Peut-on dissocier art et jeu ? Ce n’est pas le cas pour Adélie Ducasse, qui fusionne esprit ludique et sens artistique dans des créations joyeuses et ultra-modernes, jouant sur le concept de modularité. Des peintures aux objets — canapés, miroirs, et surtout lampes — le processus créatif de cette artiste, forte d’un passé dans la mode, puise sa force dans le changement de support, qu’elle considère comme une source d’inspiration aussi importante que les formes géométriques et les couleurs vives. Ces dernières ont nourri son imaginaire dès l’enfance, passée en Nouvelle-Calédonie et à La Réunion. Rencontre.
Vous êtes entrée dans le monde du design en tant qu’autodidacte. Comment cela influence-t-il votre approche de la discipline ?

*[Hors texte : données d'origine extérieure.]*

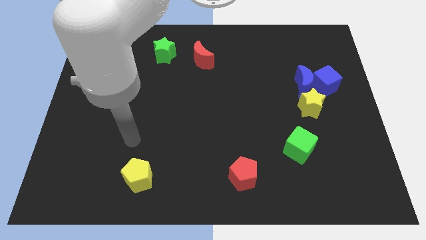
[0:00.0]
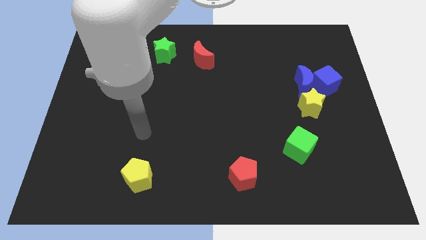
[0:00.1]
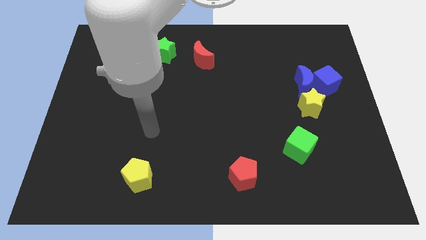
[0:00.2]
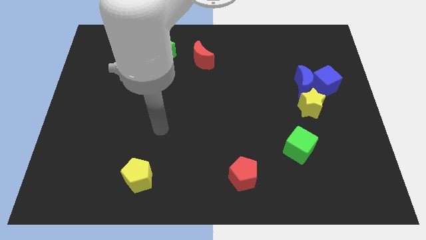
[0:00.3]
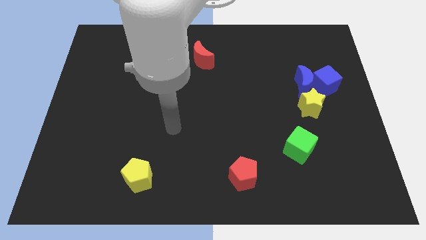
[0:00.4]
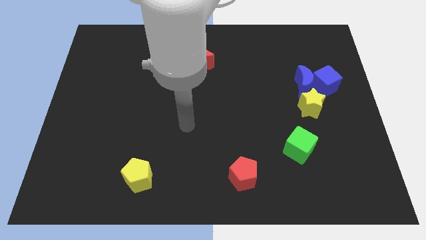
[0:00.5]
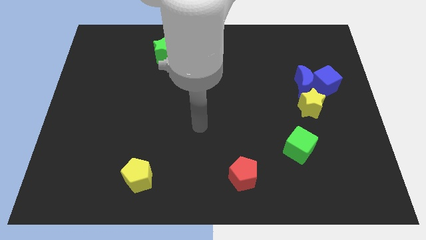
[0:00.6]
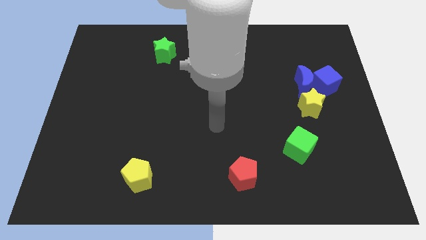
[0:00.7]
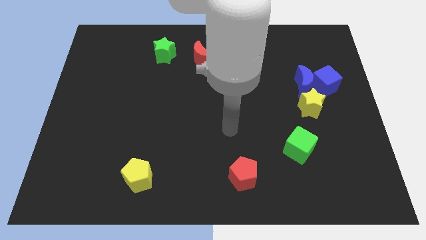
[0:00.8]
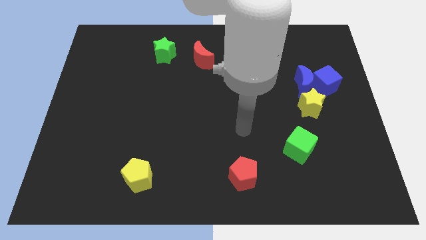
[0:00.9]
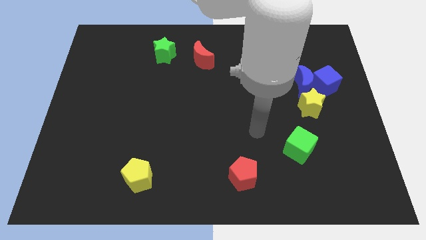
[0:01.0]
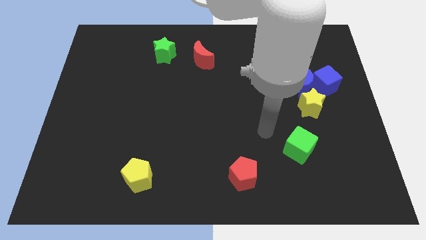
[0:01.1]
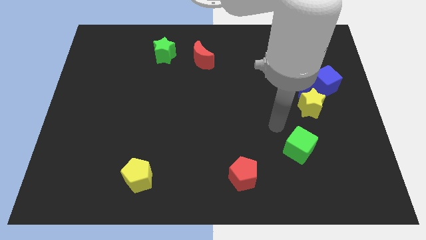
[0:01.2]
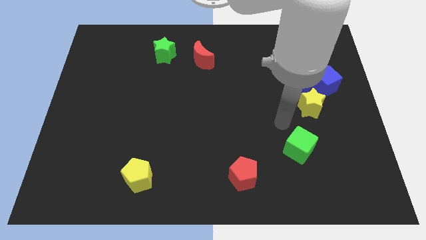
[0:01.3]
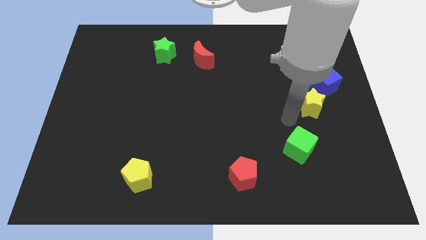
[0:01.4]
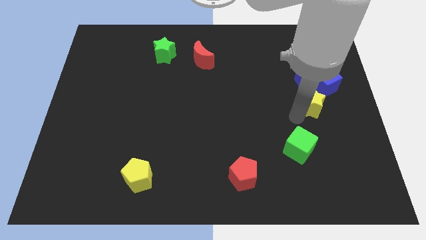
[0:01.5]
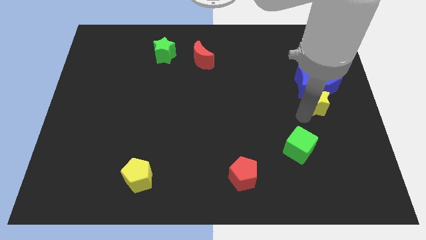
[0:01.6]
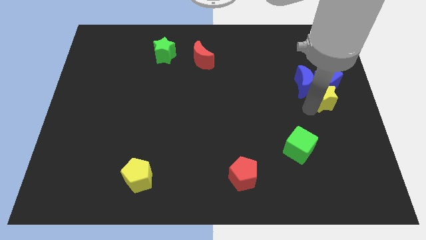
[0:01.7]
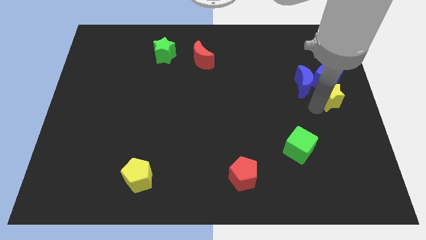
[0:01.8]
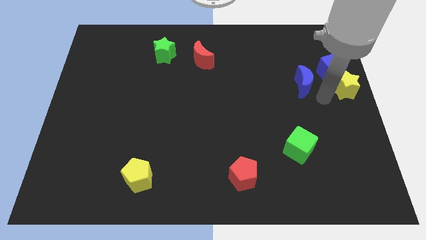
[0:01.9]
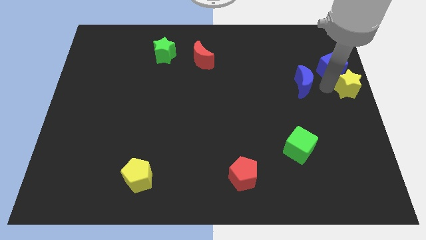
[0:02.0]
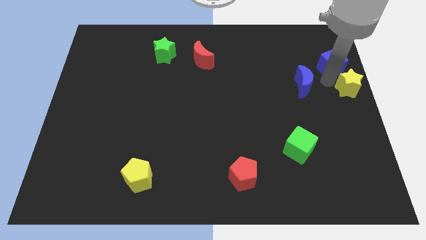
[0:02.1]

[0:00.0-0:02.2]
pull the blue moon apart from the blue cube and yellow star

Je pense que cela me rend plus libre, car je ne suis pas soumise aux contraintes que peut imposer le travail en cabinet. J’ai aussi assisté des designers dans le domaine de la mode, ce qui m’a permis de me familiariser avec le processus de conception d’un objet. Voyager m’a également beaucoup aidée à développer mon goût et mon approche.
Quels voyages vous ont le plus marquée ?
La Californie, avec ses maisons des années 60 et les artistes du MoMA que j’aime beaucoup, ainsi que le Danemark, pour son esthétique vintage.
Vous avez passé votre enfance en Nouvelle-Calédonie et à La Réunion. Quel rôle cette période a-t-elle joué dans votre design ?
Le temps passé dans les îles m’a certainement donné un goût prononcé pour les couleurs vives et, plus largement, pour l’art naïf.
En plus de la couleur, vous travaillez beaucoup sur la géométrie. Quelle forme géométrique vous attire particulièrement, et pourquoi ?
Certainement le carré, pour sa régularité qui le rend caméléon, adaptable à de nombreuses situations.
En quoi votre parcours en mathématiques a-t-il influencé vos créations ?
Les mathématiques m’ont donné une certaine méthodologie. Je pars toujours d’une hypothèse basée sur les matériaux ou formes que j’ai à disposition, et je fais plusieurs essais. Au tout début, par exemple, je suis partie d’un carré jaune, d’un rectangle bleu, d’un rond rouge et d’un triangle vert. Je me suis alors demandé : quelle typologie de meubles puis-je créer ? C’est comme cela que j’ai conçu la chaise et les lampes.
Pourquoi cette passion pour la lampe ?
Parce que c’était l’objet qui me séduisait le plus parmi toutes les possibilités offertes par la céramique. Et aussi parce que ce n’était pas forcément dans l’air du temps.
Y a-t-il un artiste qui vous inspire particulièrement ?
J’aime beaucoup Ellsworth Kelly, pour la logique de ses constructions, visible dans ses croquis, ainsi que David Hockney pour ses couleurs. J’admire aussi plusieurs architectes, notamment les maisons des années 60, comme celles de Charles Eames à Santa Monica.
Pourquoi confiez-vous la production de vos pièces à des usines italiennes ?
Je trouve que la rigueur française peut parfois faire perdre un certain “petit plus” à mes créations. La production se fait généralement à Bassano del Grappa, en Vénétie. Le rendu final présente souvent une petite imperfection, due à la main de l’artisan, qui ajoute du charme à l’objet.
Votre art a été décrit par les médias comme ludique. Êtes-vous d’accord ?
Oui. J’ai commencé à dessiner des objets parce que je trouvais la vie adulte un peu ennuyeuse. Je voulais apporter une touche de joie dans le quotidien, avec des pièces volontairement enfantines.
Pensez-vous qu’il faille plus de jeu dans le design ?
Il faut certainement oser davantage. J’ai l’impression qu’on réfléchit trop à la logique du marché. Personnellement, je considère mes objets comme des œuvres d’art.
Sur quoi travaillez-vous en ce moment ?
J’ai envie de créer des objets plus accessibles à tous. En ce moment, je travaille donc sur des appliques murales.